[TASK TO COMPLETE]
Tally up the lines below that carry the word "grapes", answering with the figure alone.

[DATA EXTRACT]
══════
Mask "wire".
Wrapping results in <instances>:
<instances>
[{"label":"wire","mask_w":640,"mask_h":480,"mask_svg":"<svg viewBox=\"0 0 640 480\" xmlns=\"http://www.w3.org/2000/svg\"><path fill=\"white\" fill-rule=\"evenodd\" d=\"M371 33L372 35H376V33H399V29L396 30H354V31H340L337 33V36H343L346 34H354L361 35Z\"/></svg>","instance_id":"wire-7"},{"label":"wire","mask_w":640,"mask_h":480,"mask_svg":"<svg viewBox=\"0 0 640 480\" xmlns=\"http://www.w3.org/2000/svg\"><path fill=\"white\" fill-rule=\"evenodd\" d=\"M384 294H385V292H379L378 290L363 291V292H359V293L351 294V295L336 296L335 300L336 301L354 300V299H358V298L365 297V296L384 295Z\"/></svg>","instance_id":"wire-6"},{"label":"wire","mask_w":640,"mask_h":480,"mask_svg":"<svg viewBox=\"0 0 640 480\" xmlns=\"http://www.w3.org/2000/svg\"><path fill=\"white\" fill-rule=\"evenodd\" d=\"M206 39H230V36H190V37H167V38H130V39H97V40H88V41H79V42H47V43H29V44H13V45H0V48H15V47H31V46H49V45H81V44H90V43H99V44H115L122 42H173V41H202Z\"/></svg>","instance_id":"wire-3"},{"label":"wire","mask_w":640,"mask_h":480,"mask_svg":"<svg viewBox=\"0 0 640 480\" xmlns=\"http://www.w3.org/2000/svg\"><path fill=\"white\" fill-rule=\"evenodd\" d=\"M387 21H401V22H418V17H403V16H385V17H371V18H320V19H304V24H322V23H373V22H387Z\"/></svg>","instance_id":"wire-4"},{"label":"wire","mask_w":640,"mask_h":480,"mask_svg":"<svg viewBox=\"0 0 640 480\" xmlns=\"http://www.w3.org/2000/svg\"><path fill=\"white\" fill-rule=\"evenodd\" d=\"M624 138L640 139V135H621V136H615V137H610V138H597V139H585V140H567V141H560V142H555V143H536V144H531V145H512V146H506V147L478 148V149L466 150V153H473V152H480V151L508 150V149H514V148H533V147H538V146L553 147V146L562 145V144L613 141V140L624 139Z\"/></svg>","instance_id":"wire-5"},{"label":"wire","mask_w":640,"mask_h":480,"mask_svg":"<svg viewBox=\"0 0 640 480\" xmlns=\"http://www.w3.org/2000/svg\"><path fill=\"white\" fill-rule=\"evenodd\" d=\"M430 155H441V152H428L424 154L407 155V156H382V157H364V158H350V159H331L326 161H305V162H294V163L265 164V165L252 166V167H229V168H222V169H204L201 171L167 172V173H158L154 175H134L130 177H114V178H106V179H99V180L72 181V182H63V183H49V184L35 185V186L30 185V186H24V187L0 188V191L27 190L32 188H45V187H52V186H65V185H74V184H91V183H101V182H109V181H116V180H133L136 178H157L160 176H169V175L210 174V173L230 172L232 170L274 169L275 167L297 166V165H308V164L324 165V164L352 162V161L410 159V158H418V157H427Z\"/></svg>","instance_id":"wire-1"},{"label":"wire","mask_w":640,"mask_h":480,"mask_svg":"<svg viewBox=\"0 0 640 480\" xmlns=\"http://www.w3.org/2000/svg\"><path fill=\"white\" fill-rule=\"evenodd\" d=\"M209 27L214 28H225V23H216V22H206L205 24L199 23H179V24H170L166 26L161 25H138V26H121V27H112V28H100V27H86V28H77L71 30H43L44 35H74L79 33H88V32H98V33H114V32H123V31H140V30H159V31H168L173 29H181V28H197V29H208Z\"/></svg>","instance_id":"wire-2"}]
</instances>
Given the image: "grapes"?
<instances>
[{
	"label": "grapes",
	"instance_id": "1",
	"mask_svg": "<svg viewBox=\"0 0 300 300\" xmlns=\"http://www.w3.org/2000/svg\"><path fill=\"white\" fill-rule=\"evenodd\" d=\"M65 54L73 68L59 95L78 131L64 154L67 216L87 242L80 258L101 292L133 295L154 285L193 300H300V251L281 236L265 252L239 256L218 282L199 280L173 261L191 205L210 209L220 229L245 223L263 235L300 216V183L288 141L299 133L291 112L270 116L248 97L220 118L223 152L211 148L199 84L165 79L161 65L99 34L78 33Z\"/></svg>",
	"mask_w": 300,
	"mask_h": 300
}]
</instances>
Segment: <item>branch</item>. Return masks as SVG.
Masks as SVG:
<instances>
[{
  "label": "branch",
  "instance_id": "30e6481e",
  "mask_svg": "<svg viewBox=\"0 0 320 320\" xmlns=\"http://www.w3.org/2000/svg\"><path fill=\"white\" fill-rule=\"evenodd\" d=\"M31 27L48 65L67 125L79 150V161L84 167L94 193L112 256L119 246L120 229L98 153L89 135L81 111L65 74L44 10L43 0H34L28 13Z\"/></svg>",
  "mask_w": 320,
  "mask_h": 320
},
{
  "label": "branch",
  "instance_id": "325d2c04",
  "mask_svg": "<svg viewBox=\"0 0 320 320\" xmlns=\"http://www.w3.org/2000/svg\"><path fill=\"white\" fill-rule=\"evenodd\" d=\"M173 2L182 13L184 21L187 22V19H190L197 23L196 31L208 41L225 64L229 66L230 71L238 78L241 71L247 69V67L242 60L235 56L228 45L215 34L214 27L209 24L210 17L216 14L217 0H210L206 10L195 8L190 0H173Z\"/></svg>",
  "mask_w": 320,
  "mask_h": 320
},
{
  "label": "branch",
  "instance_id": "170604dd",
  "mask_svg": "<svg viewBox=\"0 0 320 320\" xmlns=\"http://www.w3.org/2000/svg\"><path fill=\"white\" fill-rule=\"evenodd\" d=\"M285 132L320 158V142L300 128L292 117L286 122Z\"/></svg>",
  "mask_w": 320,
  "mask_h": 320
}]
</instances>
══════
[SOLUTION TO THIS PROBLEM]
2